Take the entries below and print, exactly, the stretch from the line containing "#806=VECTOR('',#805,0.071);" through the line containing "#921=DIRECTION('',(0.707,0.707,0.));", both included.
(SUPPLIED MATERIAL begins)
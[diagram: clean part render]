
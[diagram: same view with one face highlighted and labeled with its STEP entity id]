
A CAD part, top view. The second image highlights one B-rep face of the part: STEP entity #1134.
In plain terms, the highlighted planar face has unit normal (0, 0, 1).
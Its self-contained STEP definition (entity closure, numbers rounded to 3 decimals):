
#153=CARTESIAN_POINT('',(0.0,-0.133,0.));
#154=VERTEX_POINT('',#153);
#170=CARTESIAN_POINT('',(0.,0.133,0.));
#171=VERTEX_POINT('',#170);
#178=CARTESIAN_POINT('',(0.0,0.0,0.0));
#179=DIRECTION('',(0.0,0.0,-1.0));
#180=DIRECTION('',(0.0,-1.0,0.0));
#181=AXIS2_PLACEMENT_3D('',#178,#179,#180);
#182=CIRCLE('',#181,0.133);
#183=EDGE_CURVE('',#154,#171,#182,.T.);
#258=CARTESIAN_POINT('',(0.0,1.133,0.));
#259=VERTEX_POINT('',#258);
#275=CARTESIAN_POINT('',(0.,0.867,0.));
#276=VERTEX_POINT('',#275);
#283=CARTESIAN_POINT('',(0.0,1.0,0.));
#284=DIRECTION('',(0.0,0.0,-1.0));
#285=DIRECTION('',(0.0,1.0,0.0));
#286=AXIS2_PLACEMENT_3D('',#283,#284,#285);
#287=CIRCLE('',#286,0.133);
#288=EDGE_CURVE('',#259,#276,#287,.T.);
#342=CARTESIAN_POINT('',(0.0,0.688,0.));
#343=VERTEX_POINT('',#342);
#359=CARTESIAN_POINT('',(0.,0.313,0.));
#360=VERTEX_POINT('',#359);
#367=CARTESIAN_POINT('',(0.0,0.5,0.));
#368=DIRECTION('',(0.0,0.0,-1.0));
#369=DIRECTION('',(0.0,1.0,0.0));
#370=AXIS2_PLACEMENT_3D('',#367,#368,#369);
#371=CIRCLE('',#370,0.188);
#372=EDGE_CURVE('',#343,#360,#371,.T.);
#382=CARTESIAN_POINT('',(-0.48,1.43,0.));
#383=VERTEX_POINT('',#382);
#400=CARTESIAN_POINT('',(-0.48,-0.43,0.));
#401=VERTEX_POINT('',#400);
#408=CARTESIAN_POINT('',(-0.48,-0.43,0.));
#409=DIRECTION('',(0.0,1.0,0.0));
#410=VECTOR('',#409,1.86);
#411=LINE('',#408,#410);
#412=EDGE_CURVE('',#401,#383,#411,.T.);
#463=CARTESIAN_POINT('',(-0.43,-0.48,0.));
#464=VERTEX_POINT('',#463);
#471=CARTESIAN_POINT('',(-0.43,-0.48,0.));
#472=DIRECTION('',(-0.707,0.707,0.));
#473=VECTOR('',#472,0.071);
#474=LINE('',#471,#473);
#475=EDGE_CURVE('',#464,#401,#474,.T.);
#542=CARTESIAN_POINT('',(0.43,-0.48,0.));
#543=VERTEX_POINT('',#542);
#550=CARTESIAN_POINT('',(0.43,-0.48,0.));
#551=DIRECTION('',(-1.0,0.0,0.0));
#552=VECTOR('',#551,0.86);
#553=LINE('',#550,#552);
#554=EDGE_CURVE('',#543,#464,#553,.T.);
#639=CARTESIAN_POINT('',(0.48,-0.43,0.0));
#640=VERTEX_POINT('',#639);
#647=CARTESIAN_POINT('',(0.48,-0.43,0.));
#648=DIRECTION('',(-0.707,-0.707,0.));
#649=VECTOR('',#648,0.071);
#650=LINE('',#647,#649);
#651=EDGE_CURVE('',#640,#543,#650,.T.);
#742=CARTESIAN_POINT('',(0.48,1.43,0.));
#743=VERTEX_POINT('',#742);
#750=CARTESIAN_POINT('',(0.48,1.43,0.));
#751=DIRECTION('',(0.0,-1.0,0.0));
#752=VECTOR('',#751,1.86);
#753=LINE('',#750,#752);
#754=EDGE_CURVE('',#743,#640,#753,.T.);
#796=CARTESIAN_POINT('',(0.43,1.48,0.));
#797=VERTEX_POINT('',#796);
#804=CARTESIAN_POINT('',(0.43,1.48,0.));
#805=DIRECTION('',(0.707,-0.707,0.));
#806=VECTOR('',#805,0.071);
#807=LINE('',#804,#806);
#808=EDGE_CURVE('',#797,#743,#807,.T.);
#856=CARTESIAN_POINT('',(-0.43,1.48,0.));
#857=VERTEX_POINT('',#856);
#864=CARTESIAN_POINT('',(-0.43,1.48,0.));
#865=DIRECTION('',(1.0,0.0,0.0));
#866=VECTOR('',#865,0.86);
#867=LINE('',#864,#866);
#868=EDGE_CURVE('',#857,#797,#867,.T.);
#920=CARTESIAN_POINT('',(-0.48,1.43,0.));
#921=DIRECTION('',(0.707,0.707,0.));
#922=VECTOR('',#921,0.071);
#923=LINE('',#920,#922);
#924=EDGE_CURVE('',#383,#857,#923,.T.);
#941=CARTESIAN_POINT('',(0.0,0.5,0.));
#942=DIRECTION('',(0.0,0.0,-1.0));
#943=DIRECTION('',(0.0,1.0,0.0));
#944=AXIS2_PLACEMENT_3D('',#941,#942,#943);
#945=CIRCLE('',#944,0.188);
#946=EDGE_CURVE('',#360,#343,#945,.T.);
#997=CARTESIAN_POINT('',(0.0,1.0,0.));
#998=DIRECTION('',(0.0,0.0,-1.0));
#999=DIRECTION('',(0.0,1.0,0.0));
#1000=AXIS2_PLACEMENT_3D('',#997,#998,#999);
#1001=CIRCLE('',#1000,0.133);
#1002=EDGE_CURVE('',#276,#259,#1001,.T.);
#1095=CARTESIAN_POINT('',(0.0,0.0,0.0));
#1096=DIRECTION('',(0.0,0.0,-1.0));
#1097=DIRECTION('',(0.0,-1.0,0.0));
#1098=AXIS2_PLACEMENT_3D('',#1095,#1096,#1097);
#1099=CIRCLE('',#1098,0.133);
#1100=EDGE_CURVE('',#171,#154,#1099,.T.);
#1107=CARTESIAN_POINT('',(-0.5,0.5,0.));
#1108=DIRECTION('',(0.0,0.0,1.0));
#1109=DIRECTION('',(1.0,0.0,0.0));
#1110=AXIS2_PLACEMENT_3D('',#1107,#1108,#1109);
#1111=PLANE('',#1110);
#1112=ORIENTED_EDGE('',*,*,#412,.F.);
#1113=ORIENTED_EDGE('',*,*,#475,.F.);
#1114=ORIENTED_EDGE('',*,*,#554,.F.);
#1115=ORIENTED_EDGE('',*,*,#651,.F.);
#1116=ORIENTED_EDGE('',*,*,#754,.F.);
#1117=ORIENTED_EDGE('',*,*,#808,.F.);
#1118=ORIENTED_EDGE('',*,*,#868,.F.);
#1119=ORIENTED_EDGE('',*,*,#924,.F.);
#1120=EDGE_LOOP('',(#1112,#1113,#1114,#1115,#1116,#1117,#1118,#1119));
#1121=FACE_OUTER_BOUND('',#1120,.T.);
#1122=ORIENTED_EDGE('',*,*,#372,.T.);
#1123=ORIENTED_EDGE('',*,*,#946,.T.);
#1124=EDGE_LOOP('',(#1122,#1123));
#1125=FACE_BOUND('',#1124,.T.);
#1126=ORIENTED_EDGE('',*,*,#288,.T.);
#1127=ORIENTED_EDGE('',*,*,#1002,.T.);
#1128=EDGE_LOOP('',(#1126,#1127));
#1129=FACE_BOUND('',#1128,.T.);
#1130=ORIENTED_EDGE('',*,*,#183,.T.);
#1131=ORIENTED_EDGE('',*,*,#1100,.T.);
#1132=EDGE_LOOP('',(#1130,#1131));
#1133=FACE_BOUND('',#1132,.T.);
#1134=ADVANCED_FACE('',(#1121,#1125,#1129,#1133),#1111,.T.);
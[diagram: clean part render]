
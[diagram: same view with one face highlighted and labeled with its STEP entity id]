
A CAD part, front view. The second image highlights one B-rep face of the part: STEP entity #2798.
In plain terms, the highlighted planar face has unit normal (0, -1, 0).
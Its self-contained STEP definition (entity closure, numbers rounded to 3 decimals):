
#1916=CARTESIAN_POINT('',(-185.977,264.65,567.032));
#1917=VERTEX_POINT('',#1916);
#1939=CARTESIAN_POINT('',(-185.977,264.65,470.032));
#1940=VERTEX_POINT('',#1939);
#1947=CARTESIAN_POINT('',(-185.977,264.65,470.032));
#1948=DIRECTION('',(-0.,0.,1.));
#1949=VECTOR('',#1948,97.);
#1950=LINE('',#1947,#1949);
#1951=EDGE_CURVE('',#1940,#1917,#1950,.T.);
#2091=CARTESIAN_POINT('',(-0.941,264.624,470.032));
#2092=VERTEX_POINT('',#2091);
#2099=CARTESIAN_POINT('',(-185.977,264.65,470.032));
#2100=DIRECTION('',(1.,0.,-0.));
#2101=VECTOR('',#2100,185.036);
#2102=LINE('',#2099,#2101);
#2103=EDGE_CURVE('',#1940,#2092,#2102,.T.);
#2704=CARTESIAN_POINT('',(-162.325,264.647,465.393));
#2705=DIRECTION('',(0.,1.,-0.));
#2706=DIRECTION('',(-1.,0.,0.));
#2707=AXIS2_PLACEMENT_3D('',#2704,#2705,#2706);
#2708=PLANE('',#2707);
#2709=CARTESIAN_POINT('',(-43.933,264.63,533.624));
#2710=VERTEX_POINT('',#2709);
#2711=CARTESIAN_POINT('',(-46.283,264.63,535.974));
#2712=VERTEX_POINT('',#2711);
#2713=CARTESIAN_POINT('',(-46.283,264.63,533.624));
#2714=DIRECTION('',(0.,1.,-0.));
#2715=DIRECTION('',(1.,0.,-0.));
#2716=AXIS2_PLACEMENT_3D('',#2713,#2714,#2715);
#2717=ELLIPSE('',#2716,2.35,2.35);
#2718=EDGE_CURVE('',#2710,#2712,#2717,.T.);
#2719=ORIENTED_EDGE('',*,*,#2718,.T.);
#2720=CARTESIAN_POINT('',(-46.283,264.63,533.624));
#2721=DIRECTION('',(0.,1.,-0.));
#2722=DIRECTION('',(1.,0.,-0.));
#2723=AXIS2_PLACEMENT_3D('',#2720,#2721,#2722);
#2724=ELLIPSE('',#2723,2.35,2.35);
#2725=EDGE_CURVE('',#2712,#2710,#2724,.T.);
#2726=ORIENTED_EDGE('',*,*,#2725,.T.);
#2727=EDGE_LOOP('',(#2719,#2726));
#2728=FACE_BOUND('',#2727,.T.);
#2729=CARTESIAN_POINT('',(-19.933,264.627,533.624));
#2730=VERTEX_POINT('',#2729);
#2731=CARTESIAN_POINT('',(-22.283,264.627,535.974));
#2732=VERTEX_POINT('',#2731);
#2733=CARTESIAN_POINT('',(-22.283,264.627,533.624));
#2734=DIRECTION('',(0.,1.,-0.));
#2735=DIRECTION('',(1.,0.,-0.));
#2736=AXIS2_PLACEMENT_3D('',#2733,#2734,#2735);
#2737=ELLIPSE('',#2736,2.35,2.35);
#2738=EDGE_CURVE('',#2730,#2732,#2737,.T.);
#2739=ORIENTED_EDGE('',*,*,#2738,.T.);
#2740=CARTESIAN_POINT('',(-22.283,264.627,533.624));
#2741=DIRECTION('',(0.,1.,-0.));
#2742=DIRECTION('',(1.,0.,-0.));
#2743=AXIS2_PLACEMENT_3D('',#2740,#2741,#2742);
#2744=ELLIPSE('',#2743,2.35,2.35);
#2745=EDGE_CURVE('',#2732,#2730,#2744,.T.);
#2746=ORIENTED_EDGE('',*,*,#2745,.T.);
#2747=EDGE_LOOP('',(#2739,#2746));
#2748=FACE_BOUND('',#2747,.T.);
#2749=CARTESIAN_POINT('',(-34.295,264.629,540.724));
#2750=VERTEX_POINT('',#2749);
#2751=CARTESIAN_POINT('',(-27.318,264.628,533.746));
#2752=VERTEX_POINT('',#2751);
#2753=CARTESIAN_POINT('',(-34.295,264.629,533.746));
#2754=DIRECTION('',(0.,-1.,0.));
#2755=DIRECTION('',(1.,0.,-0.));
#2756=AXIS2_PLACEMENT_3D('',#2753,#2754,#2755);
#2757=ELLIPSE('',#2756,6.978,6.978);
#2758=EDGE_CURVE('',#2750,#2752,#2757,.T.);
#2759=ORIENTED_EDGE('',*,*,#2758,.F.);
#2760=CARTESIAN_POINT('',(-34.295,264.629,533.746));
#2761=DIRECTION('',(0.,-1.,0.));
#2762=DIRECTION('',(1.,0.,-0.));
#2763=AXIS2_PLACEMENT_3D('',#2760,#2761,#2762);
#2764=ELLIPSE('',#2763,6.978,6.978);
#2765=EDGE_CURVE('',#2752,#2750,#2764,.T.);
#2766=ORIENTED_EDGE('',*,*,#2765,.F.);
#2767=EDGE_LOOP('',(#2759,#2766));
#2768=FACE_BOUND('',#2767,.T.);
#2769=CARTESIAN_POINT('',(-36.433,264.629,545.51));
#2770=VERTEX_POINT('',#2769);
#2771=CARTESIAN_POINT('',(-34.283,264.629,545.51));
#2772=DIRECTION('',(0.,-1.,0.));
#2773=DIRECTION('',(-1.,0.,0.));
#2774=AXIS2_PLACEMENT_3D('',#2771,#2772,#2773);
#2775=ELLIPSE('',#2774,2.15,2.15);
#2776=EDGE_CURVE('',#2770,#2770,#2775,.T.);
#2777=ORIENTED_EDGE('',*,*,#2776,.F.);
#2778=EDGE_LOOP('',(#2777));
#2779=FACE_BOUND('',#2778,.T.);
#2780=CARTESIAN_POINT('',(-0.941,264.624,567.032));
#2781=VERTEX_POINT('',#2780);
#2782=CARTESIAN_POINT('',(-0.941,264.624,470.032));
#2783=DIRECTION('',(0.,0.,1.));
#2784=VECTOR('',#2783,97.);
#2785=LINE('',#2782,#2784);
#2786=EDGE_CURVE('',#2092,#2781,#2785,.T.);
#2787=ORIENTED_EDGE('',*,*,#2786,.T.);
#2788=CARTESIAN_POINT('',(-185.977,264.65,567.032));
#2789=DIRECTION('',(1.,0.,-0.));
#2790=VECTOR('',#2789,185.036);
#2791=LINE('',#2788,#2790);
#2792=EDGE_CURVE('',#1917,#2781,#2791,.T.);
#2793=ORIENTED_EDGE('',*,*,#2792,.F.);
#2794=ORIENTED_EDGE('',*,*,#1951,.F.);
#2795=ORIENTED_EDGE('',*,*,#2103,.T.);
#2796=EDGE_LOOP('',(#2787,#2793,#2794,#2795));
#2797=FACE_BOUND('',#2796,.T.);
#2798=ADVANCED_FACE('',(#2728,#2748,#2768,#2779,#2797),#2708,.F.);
(SUPPLIED MATERIAL ends)
◆ WRITTEN SOLUTION
#806=VECTOR('',#805,0.071);
#807=LINE('',#804,#806);
#808=EDGE_CURVE('',#797,#743,#807,.T.);
#856=CARTESIAN_POINT('',(-0.43,1.48,0.));
#857=VERTEX_POINT('',#856);
#864=CARTESIAN_POINT('',(-0.43,1.48,0.));
#865=DIRECTION('',(1.0,0.0,0.0));
#866=VECTOR('',#865,0.86);
#867=LINE('',#864,#866);
#868=EDGE_CURVE('',#857,#797,#867,.T.);
#920=CARTESIAN_POINT('',(-0.48,1.43,0.));
#921=DIRECTION('',(0.707,0.707,0.));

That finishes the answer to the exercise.